Moss legte seine Hand auf meine. »Im ganzen Death Valley stehen Unterkünfte bereit – die Rebellen haben an einem Ort namens Stovepipe Wells Vorräte versteckt. Sie haben diesen Ort als Raststätte auf ihrem Weg zur Stadt benutzt. Die Funkcodes, die ich vor einigen Wochen durchgegeben habe, werden noch dieselben sein. Wir können das weiter besprechen, wenn dein Vater krank ist, aber es wird funktionieren. Vertrau mir.«
Ich musste beinahe lachen. Konnte es einen Ort mit einem unheilvolleren Namen geben als Death Valley – Tal des Todes? »Was ist mit Clara? Und Rose? Was geschieht mit Charles, wenn die Rebellen die Macht übernehmen?«
Moss presste die Lippen zusammen. »Ich kann versuchen, ihnen Schutz anzubieten, aber sie stehen in Verbindung zu deinem Vater.

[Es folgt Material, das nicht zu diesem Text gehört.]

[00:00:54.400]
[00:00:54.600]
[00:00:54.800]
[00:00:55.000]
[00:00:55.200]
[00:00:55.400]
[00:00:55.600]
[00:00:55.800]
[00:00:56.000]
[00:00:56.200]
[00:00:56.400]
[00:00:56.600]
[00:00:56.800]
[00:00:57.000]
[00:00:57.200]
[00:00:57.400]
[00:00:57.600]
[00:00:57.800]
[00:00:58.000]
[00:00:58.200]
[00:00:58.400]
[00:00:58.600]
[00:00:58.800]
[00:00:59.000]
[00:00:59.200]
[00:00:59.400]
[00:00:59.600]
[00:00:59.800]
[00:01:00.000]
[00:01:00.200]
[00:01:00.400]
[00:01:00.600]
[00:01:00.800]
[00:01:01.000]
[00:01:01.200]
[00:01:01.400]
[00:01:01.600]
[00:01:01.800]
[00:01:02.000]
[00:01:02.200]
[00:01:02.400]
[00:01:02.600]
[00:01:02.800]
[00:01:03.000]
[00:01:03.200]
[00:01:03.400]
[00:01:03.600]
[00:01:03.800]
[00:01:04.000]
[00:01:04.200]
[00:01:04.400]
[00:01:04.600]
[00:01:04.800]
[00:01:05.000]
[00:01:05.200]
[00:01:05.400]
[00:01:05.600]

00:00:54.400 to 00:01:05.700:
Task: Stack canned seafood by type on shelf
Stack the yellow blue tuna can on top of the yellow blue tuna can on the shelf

Sie haben jahrelang im Palast gelebt – sie sind leicht zu erkennen. Charles hat für den König gearbeitet.«
»Ich kann sie mitnehmen«, sagte ich. »Sie kehren zurück, wenn ich es auch kann.«
»Das letzte Mal, als jemand aus dem Palast von den Tunneln erfuhr, wurden zwei unserer Leute getötet«, antwortete Moss. Er sah mich dabei nicht an. Lag da ein leiser Vorwurf in seiner Stimme oder hatte ich mir das nur eingebildet?